9.5 Code Examples in R

Package options

  • lime is port of Python library, discretizes variables based on quartiles
  • localModel uses ceteris-paribus profiles,
  • iml works directly on continuous variables. One of package authors wrote popular interpretable ML book

Notes:

  • DALExtra package needed for predict_surrogate() interface to multiple packages.
  • Default method ofpredict_surrogate() is localModel.
  • Examples below use K-LASSO for glass-box model
# core libraries
library(randomForest)
library(DALEX)
library(DALEXtra)

# load data nd models 
titanic_imputed <- archivist::aread("pbiecek/models/27e5c")
titanic_rf <- archivist:: aread("pbiecek/models/4e0fc")
johnny_d <- archivist:: aread("pbiecek/models/e3596")  

# explainer
titanic_rf_exp <- DALEX::explain(model = titanic_rf,  
                        data = titanic_imputed[, -9],
                           y = titanic_imputed$survived == "yes", 
                       label = "Random Forest")
## Preparation of a new explainer is initiated
##   -> model label       :  Random Forest 
##   -> data              :  2207  rows  8  cols 
##   -> target variable   :  2207  values 
##   -> predict function  :  yhat.randomForest  will be used (  default  )
##   -> predicted values  :  No value for predict function target column. (  default  )
##   -> model_info        :  package randomForest , ver. 4.7.1.1 , task classification (  default  ) 
##   -> model_info        :  Model info detected classification task but 'y' is a logical . Converted to numeric.  (  NOTE  )
##   -> predicted values  :  numerical, min =  0 , mean =  0.2353095 , max =  1  
##   -> residual function :  difference between y and yhat (  default  )
##   -> residuals         :  numerical, min =  -0.892 , mean =  0.0868473 , max =  1  
##   A new explainer has been created!

Package: lime

Fit model:

library(lime)
set.seed(1)

# lime model
model_type.dalex_explainer <- DALEXtra::model_type.dalex_explainer
predict_model.dalex_explainer <- DALEXtra::predict_model.dalex_explainer

lime_johnny <- predict_surrogate(explainer = titanic_rf_exp, 
                  new_observation = johnny_d, 
                  n_features = 3, 
                  n_permutations = 1000,
                  type = "lime")
model_type case model_r2 model_intercept model_prediction feature feature_value feature_weight feature_desc data prediction
regression 1 0.613 0.557 0.481 gender 2 -0.395 gender = male 2, 8, 1, 4, 72, 0, 0 0.422
regression 1 0.613 0.557 0.481 age 8 0.173 age <= 22 2, 8, 1, 4, 72, 0, 0 0.422
regression 1 0.613 0.557 0.481 class 1 0.146 class = 1st 2, 8, 1, 4, 72, 0, 0 0.422

Interpretable equation:

\[ \hat p_{lime} = 0.557 - 0.395 \cdot 1_{male} + 0.173 \cdot 1_{age <= 22} + 0.146 \cdot 1_{class = 1st}=0.481, \] Plot lime model:

plot(lime_johnny)

Package: localModel

library(localModel)

# localModel build
locMod_johnny <- predict_surrogate(explainer = titanic_rf_exp, 
                  new_observation = johnny_d, 
                  size = 1000,
                  seed = 1,
                  type = "localModel")
estimated variable original_variable
0.235 (Model mean)
0.619 (Intercept)
-0.402 gender = male gender
0.120 age <= 15.36 age
0.156 class = 1st, 2nd, deck crew class
-0.003 embarked = Belfast, Southampton embarked

Plot to explain how continuous age variable was dichotomized:

# plot
plot_interpretable_feature(locMod_johnny, "age")

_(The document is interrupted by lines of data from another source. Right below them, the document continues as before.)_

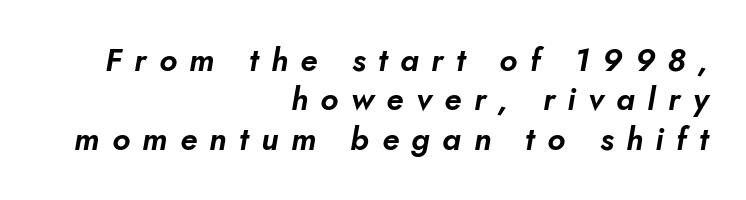
Clear beneath every line of the passage. The rag falls on the left side of this text block. Varying glyph widths throughout — classic text-font behaviour. Glyph-to-glyph distance is far greater than everyday printed text. This is oblique type, the kind used for emphasis or titles.
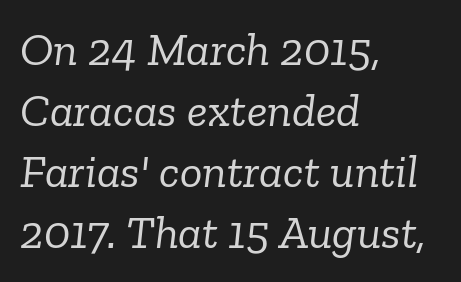
{"serif": "yes", "italic": "yes", "lean": "right", "slant_degrees": 6, "bold": "no", "weight": "light", "width": "normal", "stroke_contrast": "low", "x_height": "medium", "monospaced": "no", "underline": "no", "align": "left", "line_spacing": "normal", "line_spacing_ratio": 1.3, "letter_spacing": "normal", "letter_spacing_em": 0.0, "glyph_px": 47}
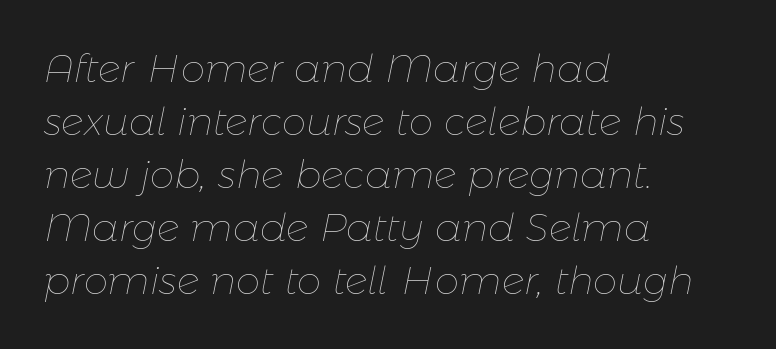
{"italic": "yes", "lean": "right", "slant_degrees": 11, "bold": "no", "weight": "thin", "width": "normal", "stroke_contrast": "low", "x_height": "medium", "monospaced": "no", "underline": "no", "align": "left", "line_spacing": "normal", "line_spacing_ratio": 1.36, "letter_spacing": "normal", "letter_spacing_em": 0.0, "glyph_px": 39}
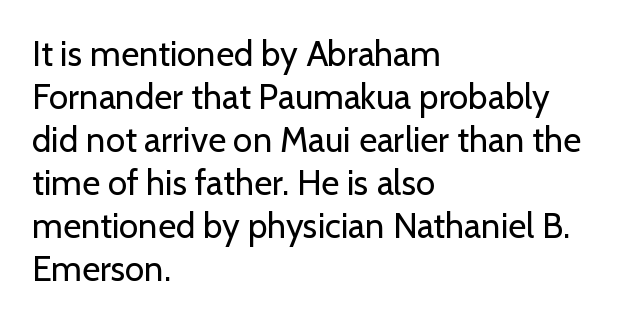
{"serif": "no", "italic": "no", "bold": "no", "weight": "regular", "width": "normal", "stroke_contrast": "low", "x_height": "medium", "monospaced": "no", "underline": "no", "align": "left", "line_spacing_ratio": 1.23, "letter_spacing": "normal", "letter_spacing_em": 0.0, "glyph_px": 35}

Glass-box explanation plot for Johnny D:

plot(locMod_johnny)

Package: iml

library(iml)

# model using iml pacakge
iml_johnny <- predict_surrogate(explainer = titanic_rf_exp, 
                  new_observation = johnny_d, 
                  k = 3, 
                  type = "iml",
                  seed=1)
beta x.recoded effect x.original feature .class
0.199 1 0.199 1st class=1st yes
-1.601 1 -1.601 male gender=male yes
0.000 72 0.015 72 fare yes

Notes:

  • continuous variables are not transformed
  • categorical variables dichotomized with value 1 for observed category; otherwise 0

Glass-box explanation plot for Johnny D:

plot(iml_johnny)

The age, gender and class are correlated, and may partially explain why explanations are somewhat different across various LIME implementations.